16. The system of claim 1, further comprising:

a sensor for generating a compression input related to the chest compressions; and

a gating signal generator coupled to the sensor and structured to generate the gating signal from the compression input.

17. The system of claim 16, in which the sensor is a transthoracic impedance sensor.

18. The system of claim 16, in which the sensor senses a depth of the chest compressions.

19. The system of claim 1, further comprising:

a capacitor for storing a charge with which to defibrillate the person; and

in which the status unit is further adapted to issue instructions for the defibrillation.

20. The system of claim 1, in which the microphone is attached or integrated into a pad.

21. The system of claim 20, in which the pad is a monitoring pad or a defibrillation pad.

22. The system of claim 1, further comprising a soundtrack analyzer for providing CPR coaching.

23. The system of claim 1, further comprising a second microphone structured to sample environmental sounds.

24. A method for providing status information about resuscitation efforts of a person receiving chest compressions, comprising:

sampling sounds of the body of the person to generate a soundtrack;

gating some portions of the soundtrack but not other portions of the soundtrack as determined by a gating signal that is presumed to correlate to the chest compressions;

determining a cardiovascular effect of the compressions from the gated portions of the soundtrack but not other portions; and

providing the status information based on the determined cardiovascular effect.

25. The method of claim 24, in which determining the cardiovascular effect comprises determining a heart valve closure of the person receiving chest compressions.

26. The method of claim 24, further comprising determining a time interval from a compression action of the compressions until the heart valve closure.

27. The method of claim 26, in which determining the cardiovascular effect comprises determining a Return of Spontaneous Circulation (ROSC) of the person receiving chest compressions.

28. The method of claim 24, in which the status information is a determination that the chest compressions are not effective for the person receiving chest compressions for a physiological reason.

29. The method of claim 24, in which the gating signal correlates with a compressing action of the compressions.

30. The method of claim 29, in which the gating signal correlates with a releasing action between two compressing actions.

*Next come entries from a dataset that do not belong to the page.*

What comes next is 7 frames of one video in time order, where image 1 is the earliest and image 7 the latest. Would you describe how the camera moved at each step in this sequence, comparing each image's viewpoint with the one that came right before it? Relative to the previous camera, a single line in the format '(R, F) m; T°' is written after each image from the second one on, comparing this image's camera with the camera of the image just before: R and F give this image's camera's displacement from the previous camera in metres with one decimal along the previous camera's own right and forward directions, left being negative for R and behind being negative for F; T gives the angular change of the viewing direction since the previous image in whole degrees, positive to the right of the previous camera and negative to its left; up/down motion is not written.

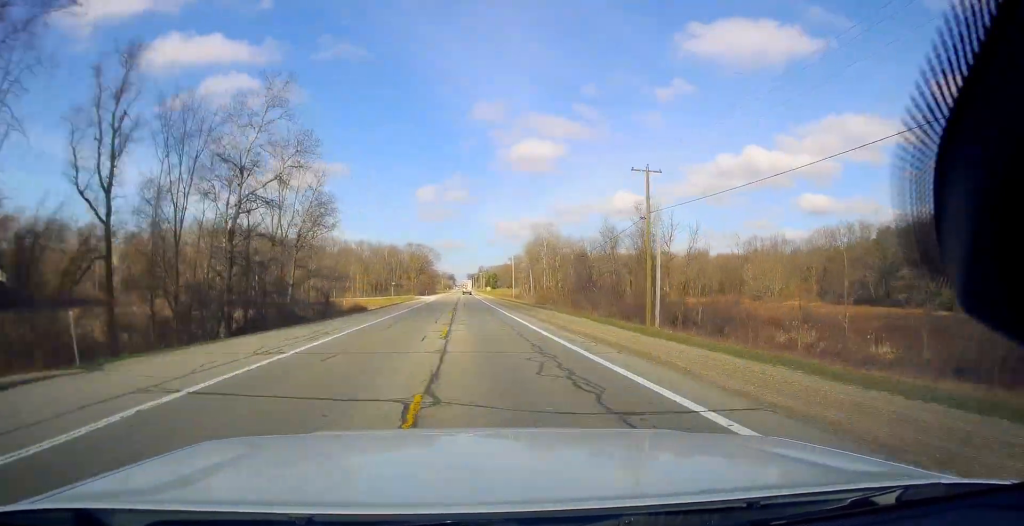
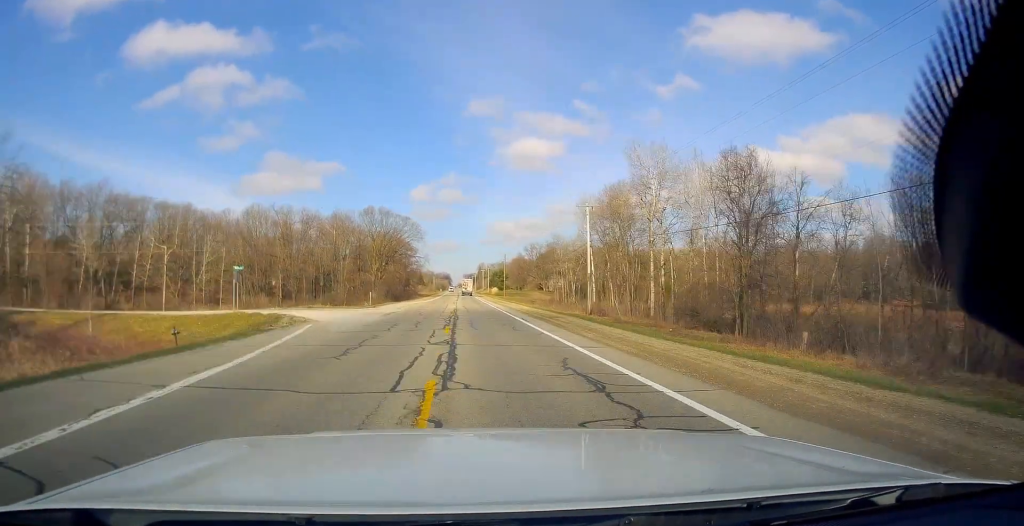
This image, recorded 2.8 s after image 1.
(-0.5, +90.2) m; 0°
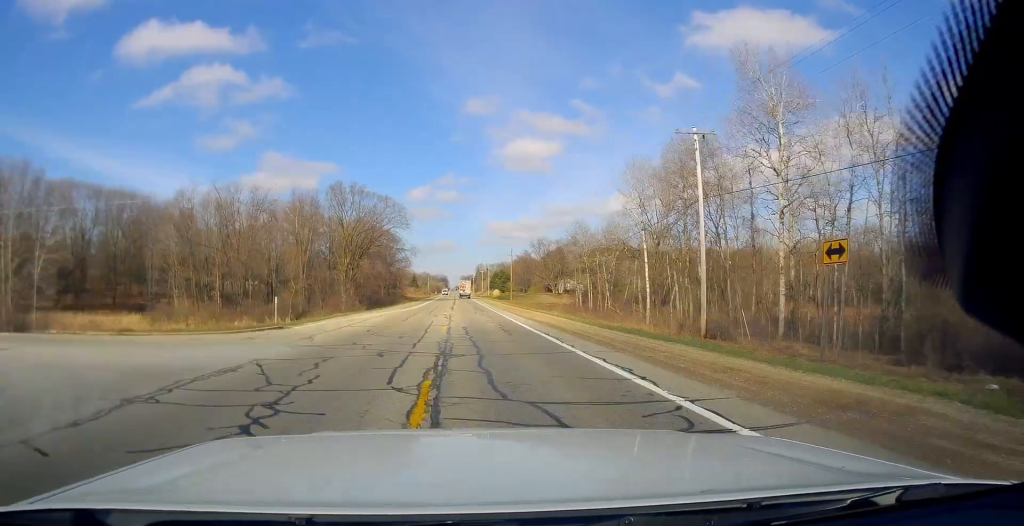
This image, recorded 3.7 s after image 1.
(+0.7, +29.0) m; +1°
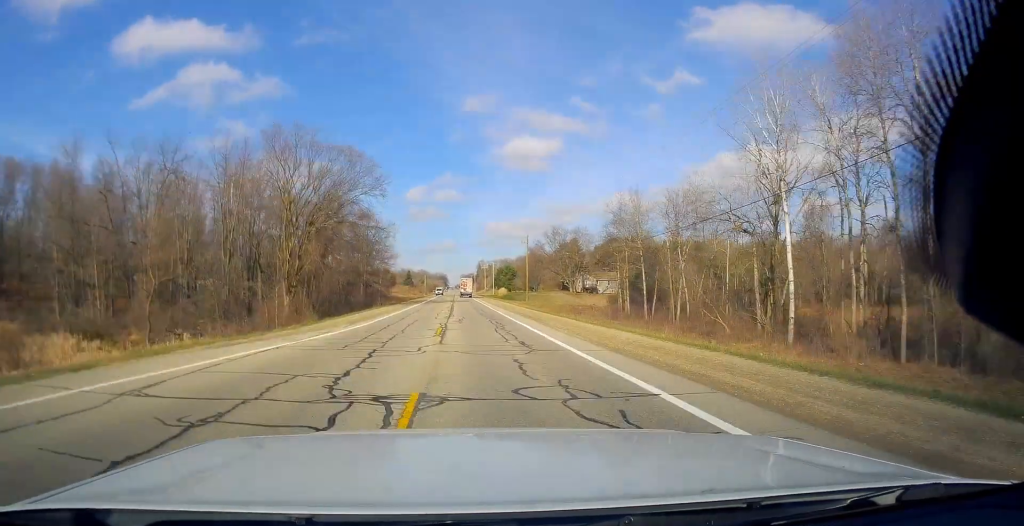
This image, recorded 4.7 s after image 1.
(-0.5, +33.0) m; -1°
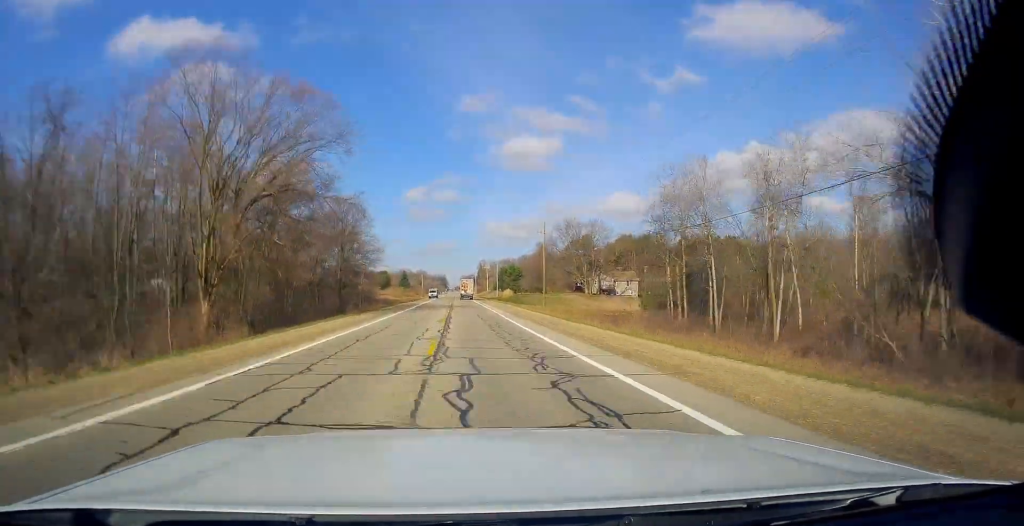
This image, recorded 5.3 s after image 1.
(0.0, +20.0) m; 0°
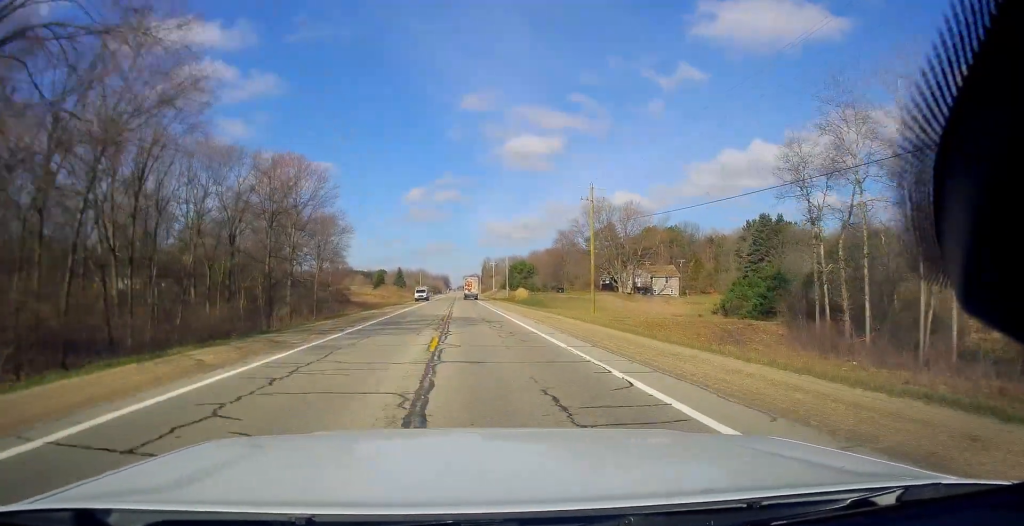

31. The method of claim 24, in which the gating signal can be an electrical signal or a software value.

32. The method of claim 24, further comprising providing an indicator of the determined cardiovascular effect to a rescuer providing the chest compressions.

33. The method of claim 24, further comprising generating a gating signal presumed to be correlated with the chest compressions.

34. The method of claim 24, further comprising receiving the gating signal as issued from an automated chest compression machine.

35. The method of claim 24, further comprising:

producing an artificial sound; and

generating the gating signal based on the artificial sound.

36. The method of claim 35, in which producing an artificial sound comprises injecting the artificial sound to the person's body.

37. The method of claim 35, in which the artificial sound is substantially periodic.

38. The method of claim 35, in which the artificial sound is correlated with an action of a mechanical chest compression device that provides the chest compressions.

39. The method of claim 35, further comprising measuring a depth of the chest compressions.

40. The method of claim 24, in which the sounds are sampled by microphone.

41. The method of claim 40 in which the microphone is attached or integrated into a pad.

42. The method of claim 41, in which the pad is a monitoring pad or a defibrillation pad.

43. The method of claim 40, further comprising sampling environmental sounds.

44. The method of claim 24, further comprising analyzing the soundtrack; and

providing Cardiopulmonary Resuscitation (CPR) coaching.